Hoofdstuk 14

460 14 0
                                    

I-is hij d-dood? Dit kan niet waar zijn, dit mag niet waar zijn. Ik kan niet zonder hem. De tranen trollen over mijn wangen. Het voelt alsof mijn leven voorbij is. Dan voel ik opeens dat iemand in mijn hand knijpt. Ik kijk weer naar Matthy en zie dan dat hij langzaam zijn ogen opent en kijkt dan naar mij. "M-matthy" kan ik er uit brengen. Een waas van opluchting komt naar boven. "Jezus man ik dacht dat je dood was" zegt Koen dan en lacht van blijdschap. Zonder er bij na te denken geef ik Matthy een knuffel. "Het spijt me zo, zo erg Matthy. Het is allemaal mijn schuld dat je hier ligt" zeg ik snikkend. Hij knuffelt me terug. "Soof, het is helemaal niet jouw schuld. Wil je dat alsjeblieft onthouden" Ik knik en hij geeft me een kus op mijn voorhoofd.

Dan komt de dokter binnen en doet dan een paar testjes bij Matthy. We lopen de kamer weer uit en vertellen de jongens het goede nieuws. "We krijgen straks te horen hoelang Matthy hier moet blijven" zegt Koen. De jongens kijken blij. Na ongeveer een kwartiert gewacht te hebben komt er een dokter naar ons toe gelopen. "Jullie zijn er voor Matthyas?" We knikken. "Kom maar mee" we lopen achter de dokter aan. We lopen naar Matthy zijn kamer en lopen dan met zen allen naar binnen toe. De jongens geven hem allemaal een knuffel. "We waren zo ongerust" zegt Robbie.

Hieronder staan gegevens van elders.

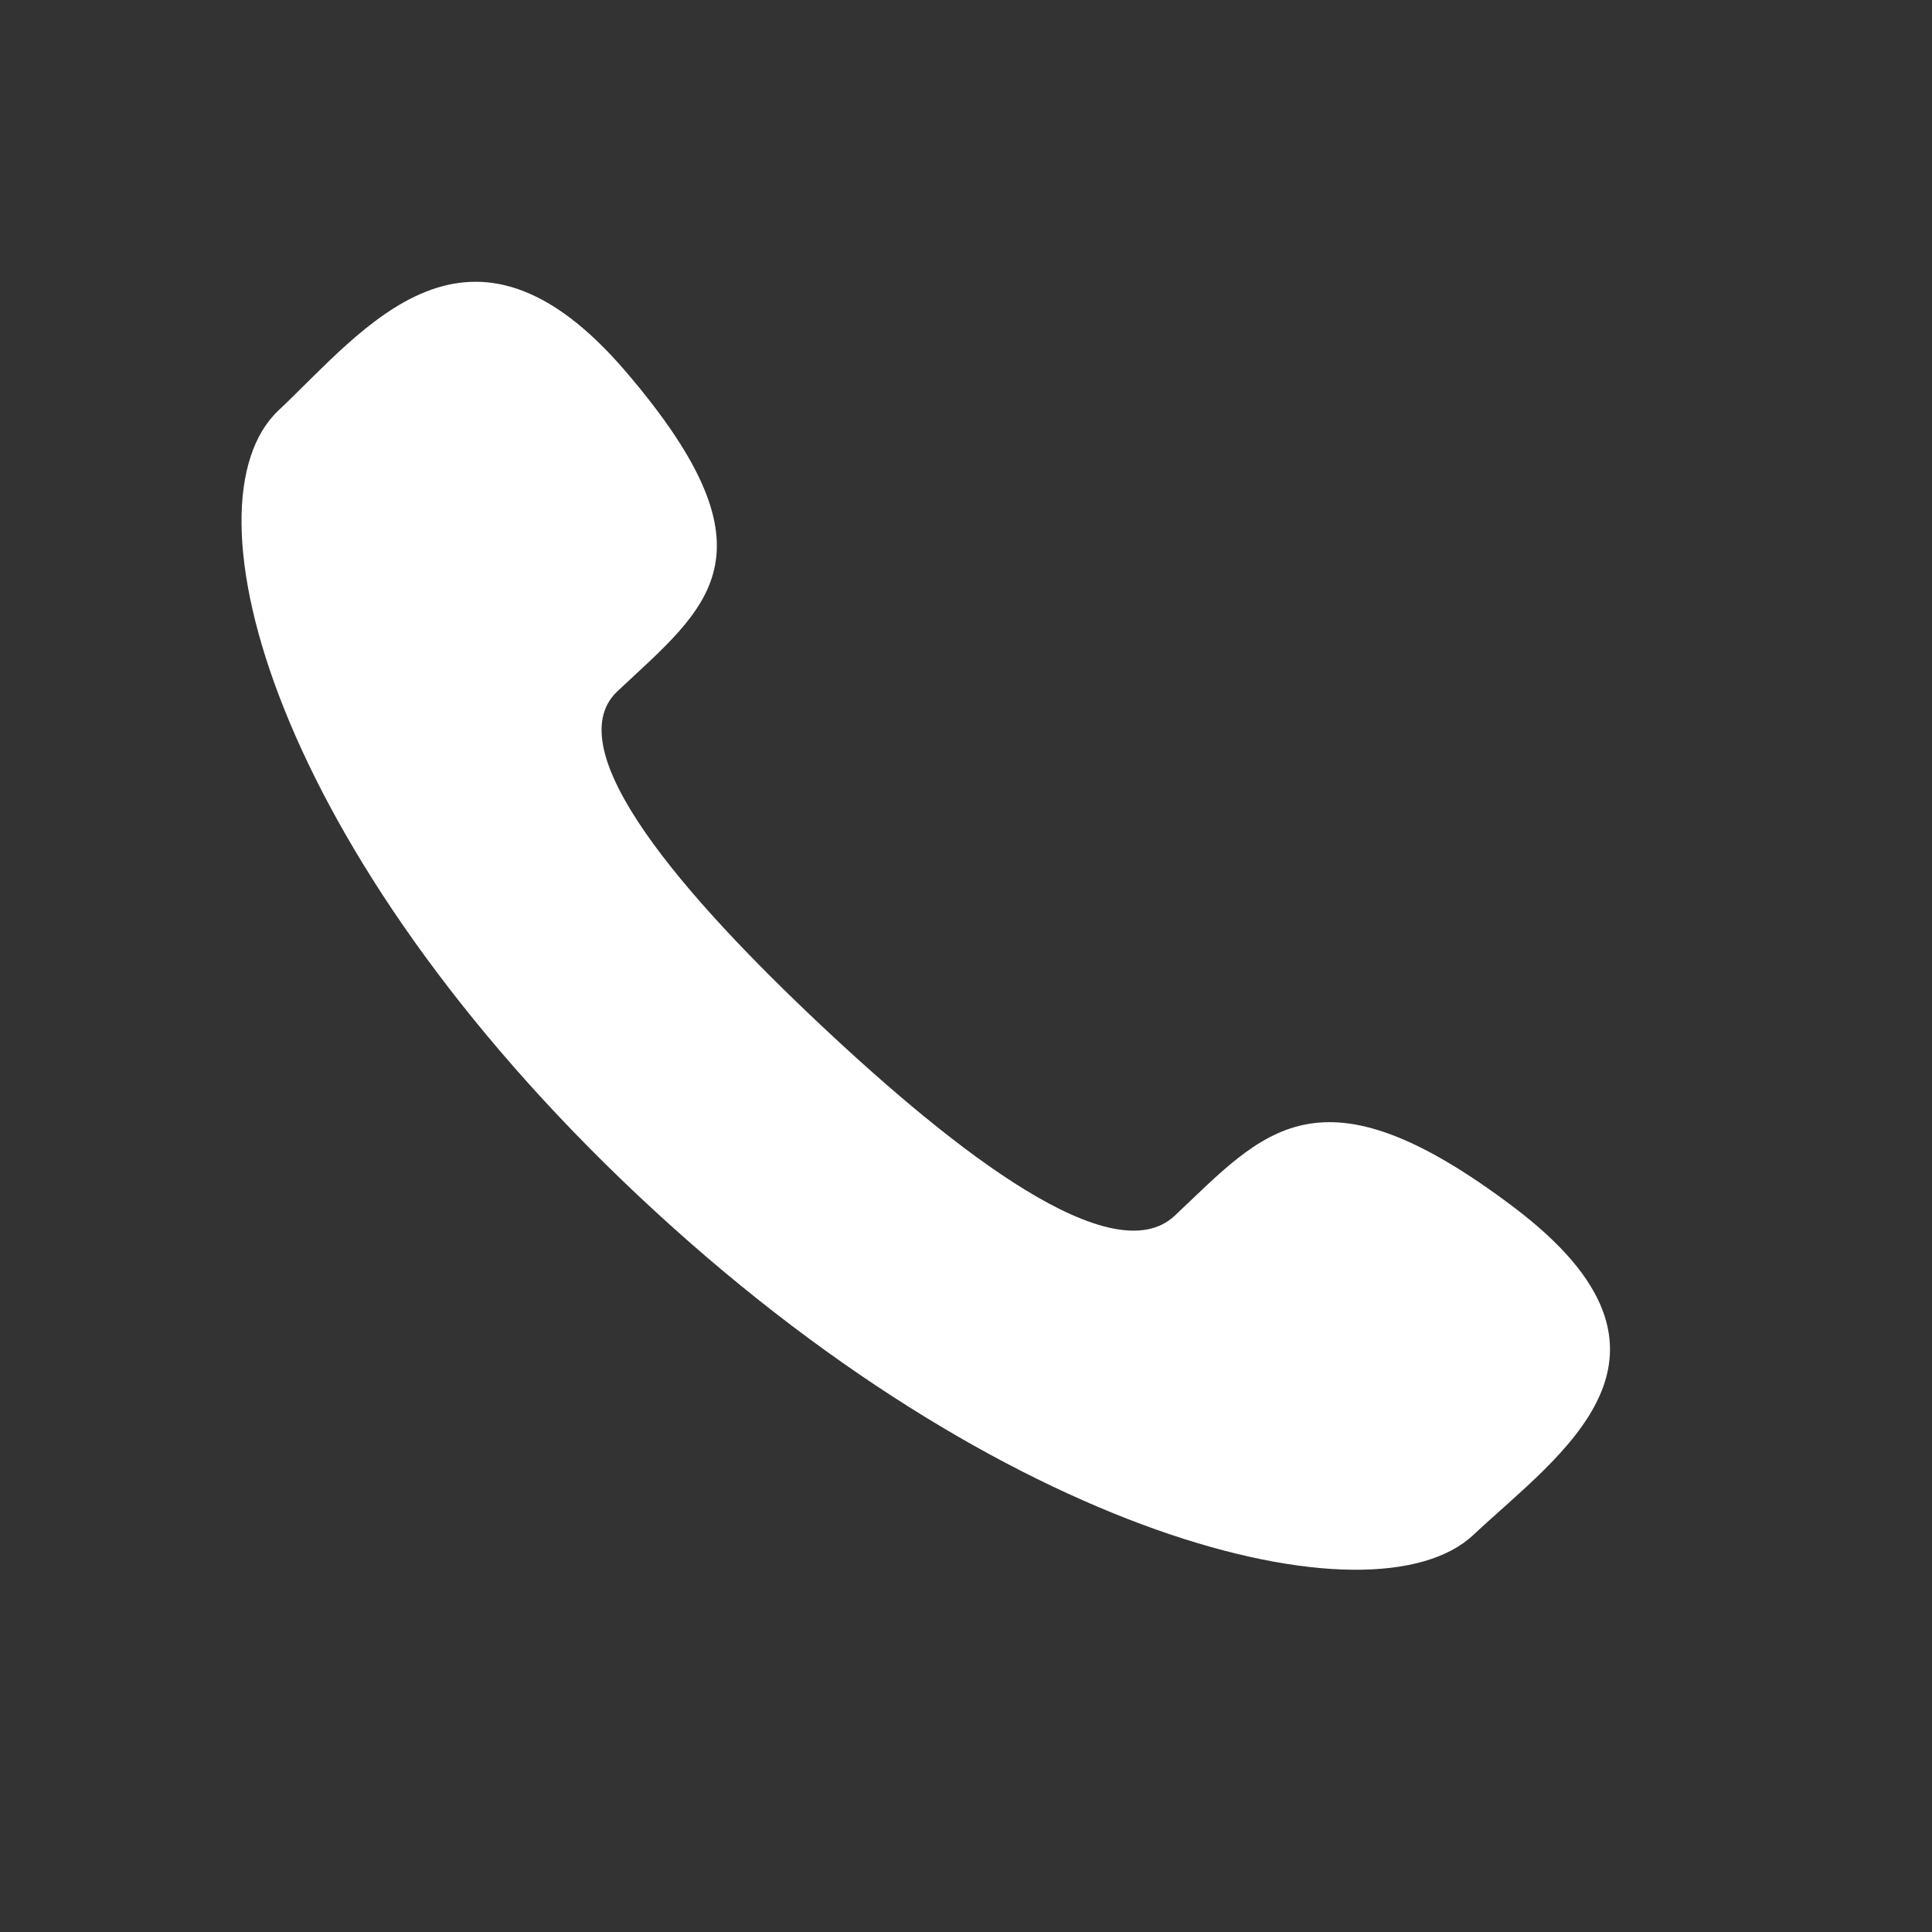 <svg width="24" height="24" viewBox="0 0 24 24" fill="none" xmlns="http://www.w3.org/2000/svg">
<rect x="0" y="0" width="24" height="24" fill="#333333" stroke="none"/>
<path d="M10.192 12.73C11.874 14.312 13.823 15.826 14.594 15.101C15.696 14.064 16.376 13.16 18.808 14.999C21.239 16.837 19.371 18.063 18.303 19.067C17.07 20.228 12.475 19.13 7.932 14.856C3.391 10.582 2.227 6.257 3.461 5.097C4.529 4.091 5.826 2.335 7.779 4.622C9.734 6.909 8.774 7.549 7.67 8.587C6.902 9.312 8.51 11.146 10.192 12.73Z" fill="white"/>
</svg>

We pakken nog wat stoelen zodat iedereen kan zitten maar we komen één te kort. "Kom maar bij me op bed zitten" zegt Matthy dan. "Vind je dat niet erg?" Zeg ik twijfelend. "Nee joh, juist gezellig" hij geeft me een glimlach en ik ga voorzichtig naast hem zitten. Hij doet zijn arm om me heen en voel dat ik een beetje moet blozen. We zitten te wachten op de uitslag. Matthy verteld dat de dokter zijn wond net heeft gehecht. "Doet het nog veel pijn?" Vraagt Milo. "Een beetje, maar ik heb ook pijnstillers gekregen" ik leg mijn hoofd op Matthy zijn schouder en zie dat er een lach op zijn gezicht verschijnt, zo lief. Koen kijkt me dan aan met een lieve glimlach, zou hij weten dat ik Matthy leuk vindt?

De dokter komt binnen lopen. "We hebben je uitslag" hij schraapt zijn keel. Mijn hartslag gaat omhoog. Matthy merkt dat ik het spannend vindt en legt dan zijn hand op mijn been. "Er is niets ernstigs aan de hand" ik voel mijn spanning meteen zakken en zucht uit opluchting. "Je krijgt nog wel wat pijnstillers mee voor je wondt. We willen je nog wel graag vanavond in het ziekenhuis laten slapen. Gewoon voor de zekerheid" zegt de dokter. Morgen kijken we dan even hoe het gaat en mag je weer naar huis toe. Ik ben blij dat het goed met Matt gaat, alsnog voel ik me wel schuldig...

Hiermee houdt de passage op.